French justice minister to go on trial for suspected conflict of interest

French Justice Minister Eric Dupond-Moretti arrives to attend the weekly cabinet meeting after a government reshuffle at the Elysee Palace in Paris, France, July 4, 2022. REUTERS/Benoit Tessier

PARIS, Oct 3 (Reuters) - France's justice minister will stand trial before a special judicial body for suspected conflict of interest in two cases, a court spokeswoman said on Monday.

Eric Dupond-Moretti, who was one of France's most famous criminal lawyers before President Emmanuel Macron made him justice minister, is accused of having used his position to act against personal rivals within the judiciary, which he denies.

His lawyer, Remi Lorrain, told Reuters that his client would appeal the decision to open the trial.

"The minister is extremely confident. He will not resign," said Lorrain.

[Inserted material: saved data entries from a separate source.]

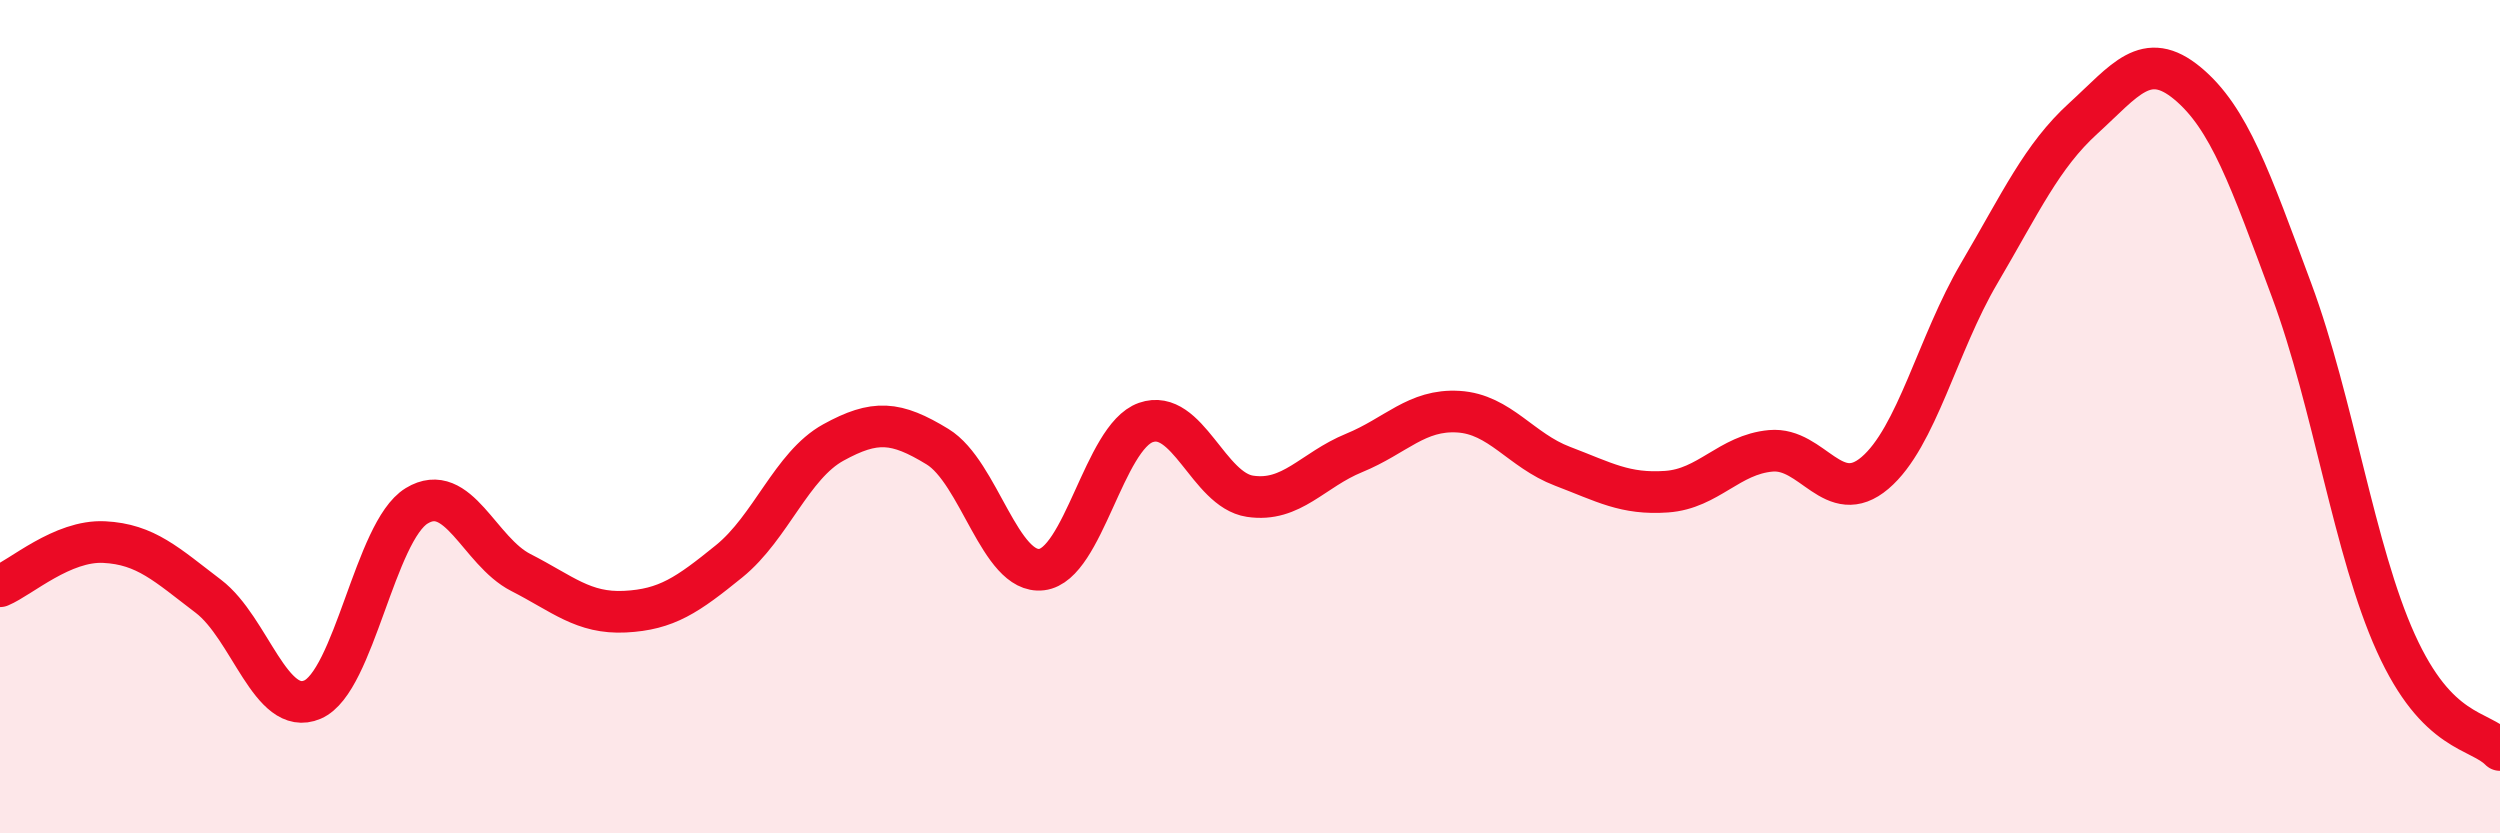 
    <svg width="60" height="20" viewBox="0 0 60 20" xmlns="http://www.w3.org/2000/svg">
      <path
        d="M 0,14.07 C 0.5,13.86 1.5,12.96 2.5,13.01 C 3.5,13.06 4,13.55 5,14.31 C 6,15.07 6.5,17.22 7.5,16.79 C 8.5,16.36 9,12.75 10,12.14 C 11,11.53 11.5,13.23 12.5,13.74 C 13.5,14.25 14,14.73 15,14.68 C 16,14.63 16.5,14.28 17.5,13.47 C 18.5,12.66 19,11.17 20,10.62 C 21,10.07 21.5,10.11 22.5,10.72 C 23.5,11.33 24,13.79 25,13.67 C 26,13.55 26.5,10.49 27.5,10.14 C 28.5,9.79 29,11.76 30,11.91 C 31,12.06 31.5,11.28 32.5,10.87 C 33.5,10.46 34,9.82 35,9.88 C 36,9.94 36.5,10.81 37.5,11.19 C 38.5,11.57 39,11.87 40,11.8 C 41,11.73 41.5,10.91 42.5,10.82 C 43.5,10.73 44,12.2 45,11.35 C 46,10.5 46.5,8.26 47.5,6.56 C 48.5,4.86 49,3.75 50,2.84 C 51,1.93 51.5,1.17 52.5,2 C 53.5,2.83 54,4.28 55,6.97 C 56,9.66 56.5,13.22 57.5,15.43 C 58.5,17.64 59.5,17.49 60,18L60 20L0 20Z"
        fill="#EB0A25"
        opacity="0.1"
        stroke-linecap="round"
        stroke-linejoin="round"
      />
      <path
        d="M 0,14.07 C 0.5,13.86 1.5,12.96 2.5,13.01 C 3.5,13.06 4,13.55 5,14.31 C 6,15.07 6.5,17.22 7.5,16.79 C 8.5,16.36 9,12.75 10,12.14 C 11,11.53 11.5,13.23 12.5,13.74 C 13.5,14.25 14,14.73 15,14.68 C 16,14.63 16.5,14.28 17.5,13.47 C 18.5,12.66 19,11.17 20,10.62 C 21,10.07 21.5,10.11 22.5,10.72 C 23.5,11.33 24,13.79 25,13.67 C 26,13.55 26.5,10.49 27.5,10.14 C 28.5,9.79 29,11.76 30,11.91 C 31,12.06 31.5,11.28 32.5,10.87 C 33.5,10.46 34,9.82 35,9.88 C 36,9.94 36.5,10.81 37.5,11.19 C 38.5,11.57 39,11.87 40,11.8 C 41,11.73 41.5,10.91 42.5,10.82 C 43.5,10.73 44,12.2 45,11.35 C 46,10.5 46.5,8.26 47.5,6.56 C 48.5,4.86 49,3.75 50,2.84 C 51,1.93 51.5,1.17 52.5,2 C 53.5,2.83 54,4.28 55,6.97 C 56,9.66 56.5,13.22 57.5,15.43 C 58.5,17.64 59.5,17.49 60,18"
        stroke="#EB0A25"
        stroke-width="1"
        fill="none"
        stroke-linecap="round"
        stroke-linejoin="round"
      />
    </svg>

The judicial body, the Court of Justice of the Republic, deals with suspected crimes or offences committed by members of the government during the exercise of their functions. Since its creation in 1993, it has only held eight formal trials.

Past defendants before the jury, which is composed of lawmakers and judges of France's highest court, the Cour de Cassation, have included former finance minister and current head of the European Central Bank, Christine Lagarde. She was found guilty of negligence over a government payout.

Dupond-Moretti joined the French government in 2020 after being a vocal critic of what he said were France's excessively lengthy criminal trial proceedings and its overcrowded prisons.